To ensure it can properly channel electrical energy, every power supply possesses a power input, (which receives incoming energy) and a power output (which transmits converted energy to the load). Usually, a power supply’s input and output are made up of hardwired circuit connectors or electrical connectors. (Some power supplies, instead of employing galvanic connections, utilize wireless energy transfer). The electrical energy that the power input receives may come from a number of sources, such as electrical transmission systems, solar power converters, fuel cells, batteries, and other energy storage devices, generators, and alternators.

Even though power supplies can vary widely, there are a few other components that many of them share in common. For example, many computing power supplies have some type of input voltage switch, which enables power cords to work in different countries by adjusting the external power coming through electrical outlets.


There are a number of ways in which power supplies may be divided or categorized. Often, power supplies are classified by their function, mechanical structure, or power conversion method (either separately or simultaneously).

Classifications by Conversion Methods

In light of the aforementioned definitions of power supply, methods of power conversion are obviously an important aspect of categorizing power supplies in general. Power supplies are commonly described as converting incoming electric current into the correct output of current, voltage, of frequency.

Current is the specific rate at which electric charge flows.

Voltage specifically refers to the electric charge differential between two separate points in an electric circuit (it can be thought of as the phenomenon responsible for producing current).

Frequency refers to the number of electric circuit cycles which occur inside a predefined unit of time.

From a high-level perspective, power supplies can be divided into linear and switching types.

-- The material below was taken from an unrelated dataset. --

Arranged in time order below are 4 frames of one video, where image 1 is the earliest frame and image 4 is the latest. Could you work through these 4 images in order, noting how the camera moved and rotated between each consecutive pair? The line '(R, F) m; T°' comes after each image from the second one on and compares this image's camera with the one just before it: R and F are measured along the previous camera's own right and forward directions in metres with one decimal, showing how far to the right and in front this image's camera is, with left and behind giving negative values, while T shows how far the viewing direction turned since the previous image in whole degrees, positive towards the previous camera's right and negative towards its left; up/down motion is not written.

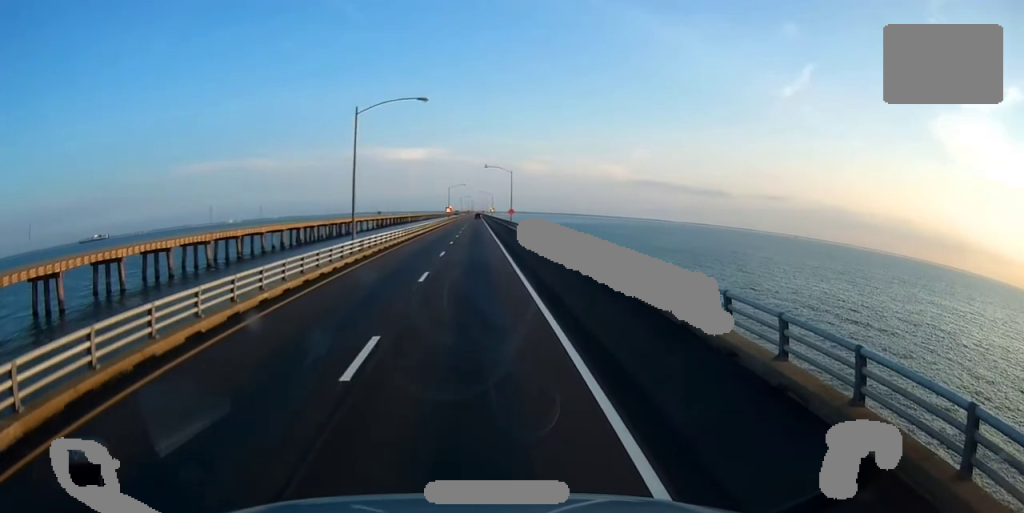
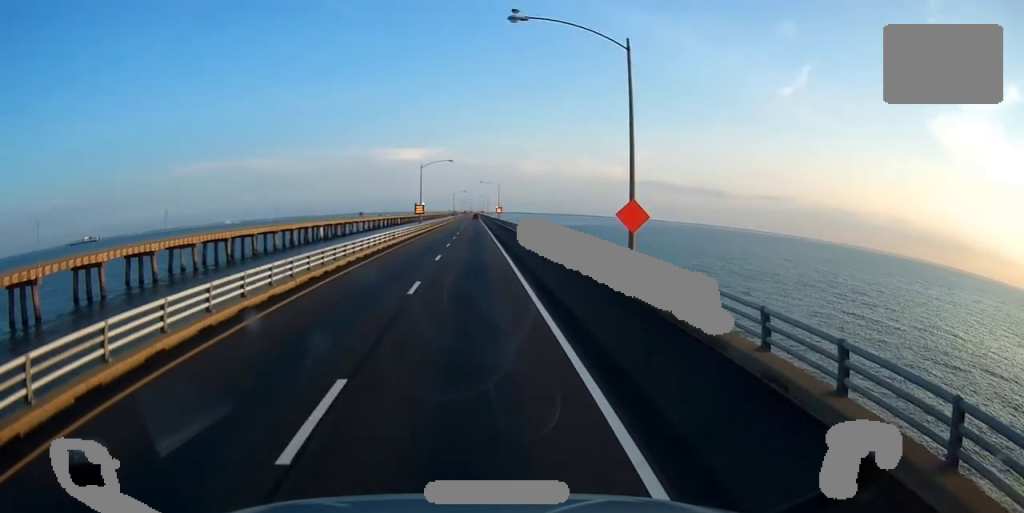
(+0.1, +75.6) m; 0°
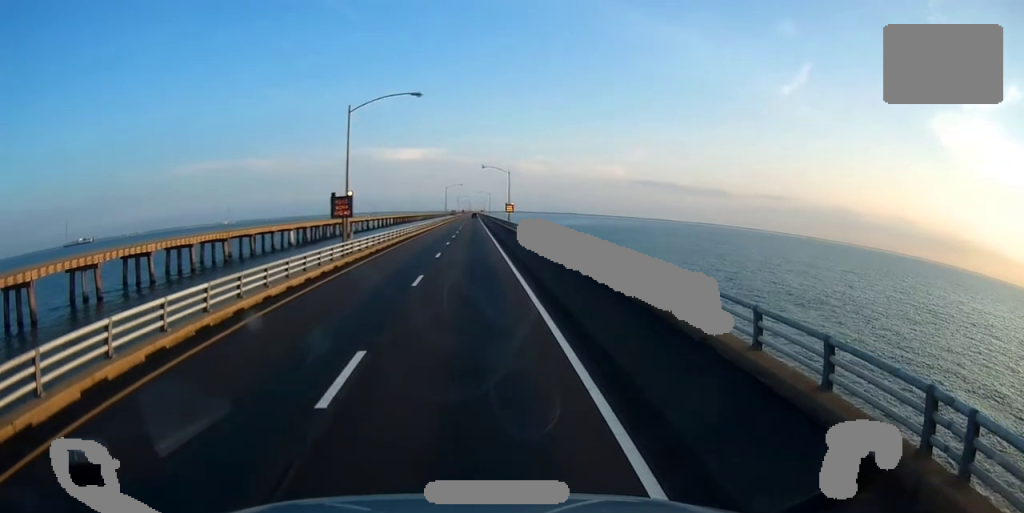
(-0.7, +46.1) m; -1°
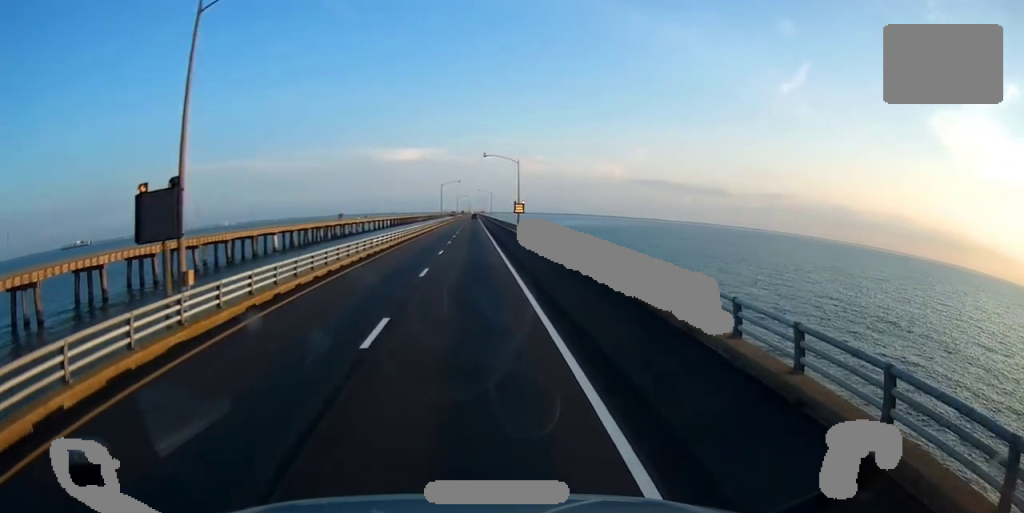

Linear power supplies process input power directly, and all of their active conversion components are contained inside their linear operating regions. One example of this is a frequency to voltage converter, which uses an operational amplifier to manage linear signals.
Switching power supplies make up the majority of power supplies. They work by taking input power and convert it to alternating current (AC) or direct current (DC) pulses before processing it. The converting components of switching power supplies primarily operate in non-linear regions, resulting in a better level of efficiency.

Since most power supplies are switching types, a major dividing line between power supplies is whether they operate using alternating currents (AC) or direct currents (DC). The difference between AC and DC power is quite straightforward. AC power supplies operate via an electrical charge that periodically reverses (or alternates) direction at consistent intervals. (The measure of the alteration of a current is represented by a unit of frequency called Hertz, which is defined as one cycle per second. A 60 Hertz (Hz) current alternates sixty times in one second.) DC power supplies, on the other hand, use an electrical charge that flows only in a single linear direction. Power supplies may convert one type of flow into another (e.g. an AC-DC power supply) or change one type of current to a different level of intensity.

Classification by Output

Functionally, power supplies may be divided into the following categories:

Regulated power supplies maintain a constant output regardless of variations in input. (Both input and output are typically discussed in terms of current or voltage.) They operate by using a voltage regulator in conjunction with their output component. Some regulated power supplies can use multiple voltage regulators to maintain different outputs for separate devices.

Unregulated power supplies produce output that will not remain at a fixed value in terms of voltage or current. In contrast, the output of such power supplies may vary wildly as their load currents or input voltages are altered. These types of power supplies often vary input by switching power sources on and off in accordance with voltage oscillation within the system. (As a result, members of this family may also be known as switched mode power supplies.)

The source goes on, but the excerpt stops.